Well, just as a challenge, here's some Emacs Lisp code to do something slightly more general than just swapping two selected columns:

(defun my/determine-column (col line)
  (cl-loop for word in line
           for i from 0
           summing (length word) into total
           if (> total col) do
           (cl-return i)
           finally (cl-return (1- i))))

(defun my/swap-columns (dir beg end)
  (interactive
   (let* ((dir (prefix-numeric-value current-prefix-arg)))
     (if (region-active-p)
         (list dir (region-beginning) (region-end))
       (list dir (point-min) (point-max)))))
  (save-excursion
    (let* ((lines (mapcar
                   (lambda (s) (split-string s "\t"))
                   (split-string (buffer-substring beg end) "\n" t)))
           (column (my/determine-column (current-column) (car lines)))
           (permuted (mod (+ column dir) (length (car lines)))))
      (delete-region beg end)
      (goto-char beg)
      (cl-loop for line in lines
               for temp = (nth column line) do
               (setf (nth column line) (nth permuted line)
                     (nth permuted line) temp)
               (insert (mapconcat 'identity line "\t") "\n")))))

The idea is that if you give it a negative argument it'll swap the column containing point that many columns leftwards, and if you give it a positive prefix argument, it'll swap that column that many columns rightwards. I didn't really check this for correctness or sane behavior (it does swap columns though).

3
  • Thank you very much for submitting a solution in Common Lisp. It isn't Emacs Lisp, which is what I asked for, but it is a lot closer than any other solution offered.
    – Low Powah
    Commented Feb 18, 2016 at 23:12
  • 1
    I'm not sure what's giving you the idea that this is not Emacs Lisp.

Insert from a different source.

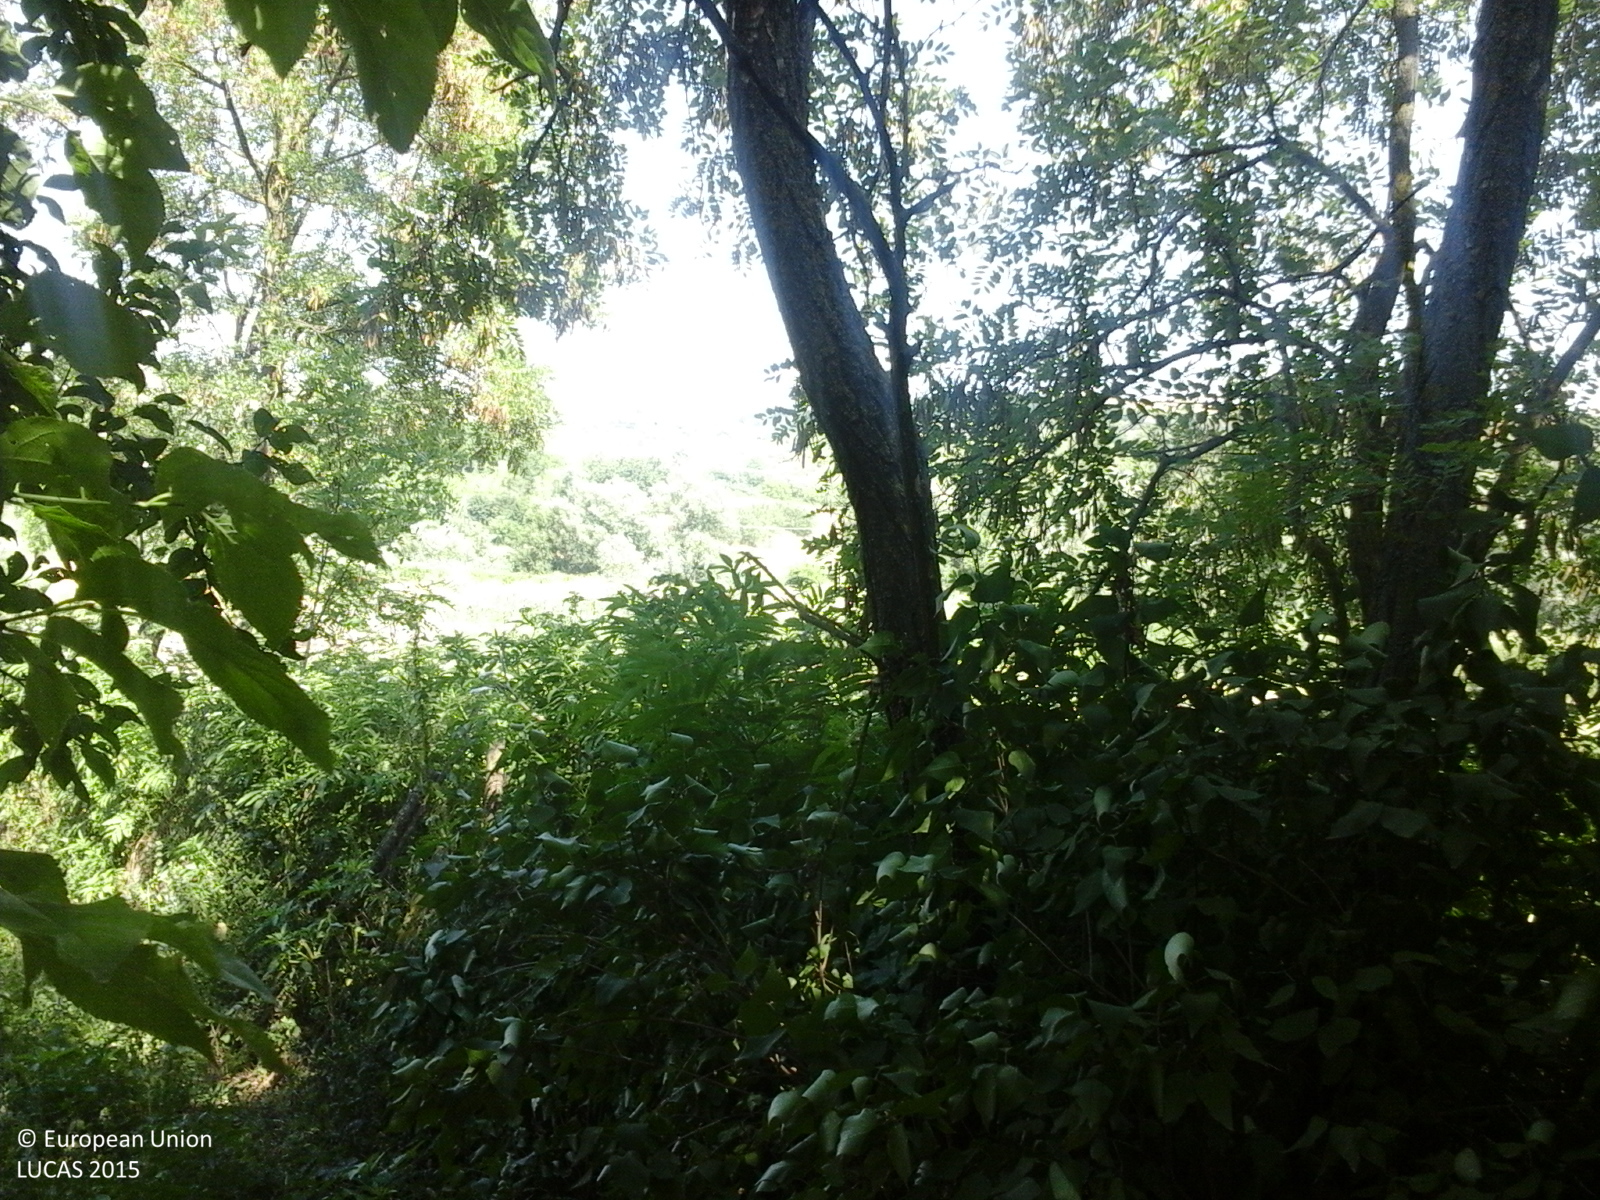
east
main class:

The cl.el and cl-lib packages provide useful functions and macros borrowed from Common Lisp for Emacs Lisp, they do not form a Common Lisp implementation.
    – wasamasa
    Commented Feb 18, 2016 at 23:43
  • @LowPowah to add to what wasamasa wrote: if you want this to be "pure" Emacs Lisp (there used to be people who disliked cl-lib), you could (macroexpand-all '(cl-loop ...)) and use the expansion instead (beware it will require some manual labor to rename the automatically generated variables and such).
    – wvxvw
    Commented Feb 19, 2016 at 0:19
0

use evil-mode, then type,

%s/\([a-zA-Z0-9]*\)\t\([a-zA-Z0-9]*\)/\2\t\1/g

delete the first field,

%s/\([a-zA-Z0-9]*\)\t\([a-zA-Z0-9]*\)/\2/g

delete rows whose first field is TITLE,

g/TITLE\t/d

delete rows whose first field is NOT TITLE,

v/TITLE\t/d

The point is, LEARN regular expression for text processing.

3
  • As it stands, this answer should probably be converted into a comment. Please expand it by adding more content and (or) references. Commented Feb 12, 2016 at 6:24
  • As an improvement to your answer, may I suggest you read the original question first? Thank you very much.
    – Low Powah
    Commented Feb 14, 2016 at 20:57
  • usually people use the regex to do the text processing. if you prefer pure lisp way, C-h f describe-function query-replace-regexp, but the hard part is to get the regular expression right at the beginning. So there are some interactive UI to help. For non-vim users, swiper is good (as somebody already suggested) plugin with interactive UI feedback. For vim users, evil is good.
    – chen bin
    Commented Feb 15, 2016 at 1:18
0

Here's a minimally tested bit of elisp that will swap two tab-separated values on each line in the buffer, ignoring lines that don't meet that criterion. Note that there's a fair bit of boilerplate with the save-... stuff.

(defun swaperooni ()
  "Swap two tab-separated fields in each line in buffer."
  (interactive)
  (let ((re-1 "\\(.+\\)\t\\(.+\\)") (re-2 "\\2\t\\1"))
    (save-restriction
      (save-excursion
        (save-match-data
          (widen)
          (goto-char (point-min))
          (while (not (eobp))
            (let ((line (buffer-substring (point-at-bol) (point-at-eol))))
              (when (string-match re-1 line)
                (delete-region (point-at-bol) (point-at-eol))
                (insert (replace-regexp-in-string re-1 re-2 line)))
              (forward-line 1))))))))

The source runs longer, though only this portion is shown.